How to complete this task:
Across all entries below, how many lines include "present"? Answer with the number alone.

Information provided:
━━━━━━━━
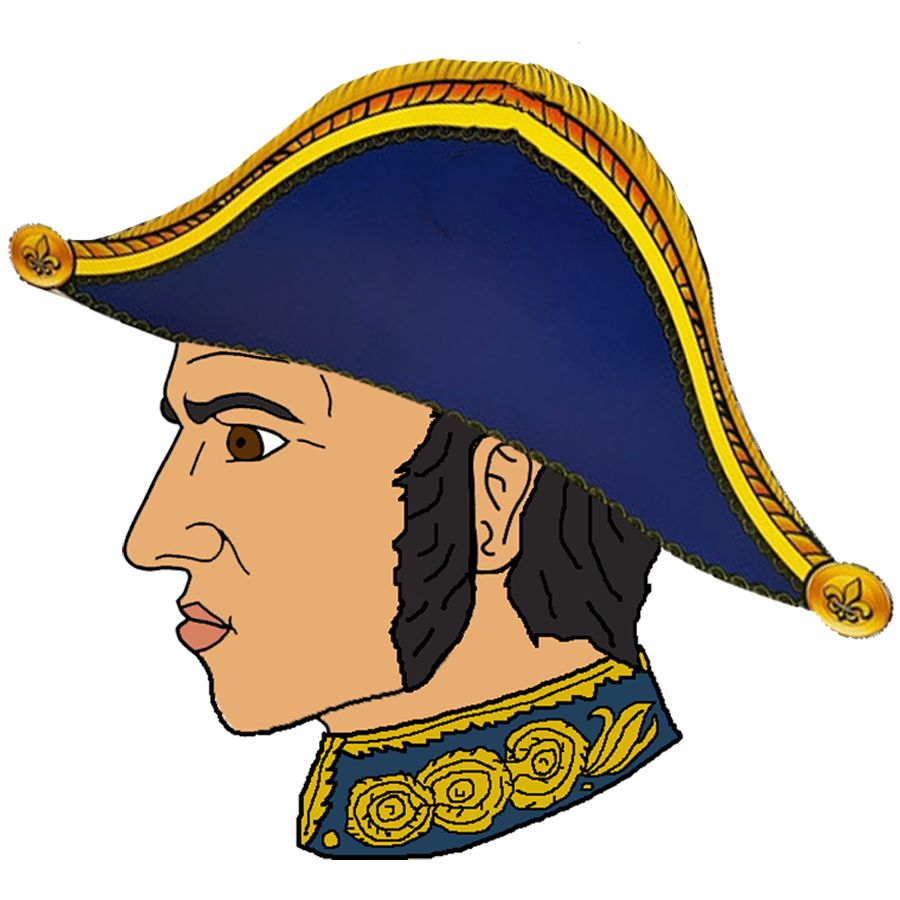
Label: 4_Yes_Chad
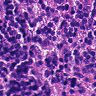
Metastatic tissue present: no
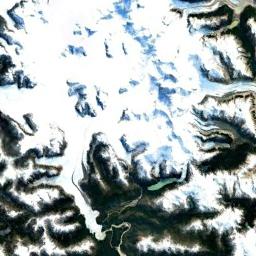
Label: snowberg
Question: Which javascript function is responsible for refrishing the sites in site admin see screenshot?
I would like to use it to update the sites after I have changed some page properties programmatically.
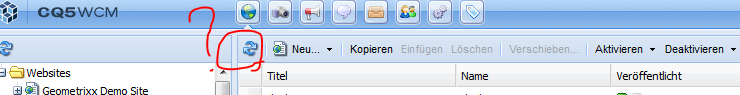
Answer: You can find the 'reloadPages' function defined in 'SiteAdmin.js' present in your libs.
━━━━━━━━
Result of the exercise:
2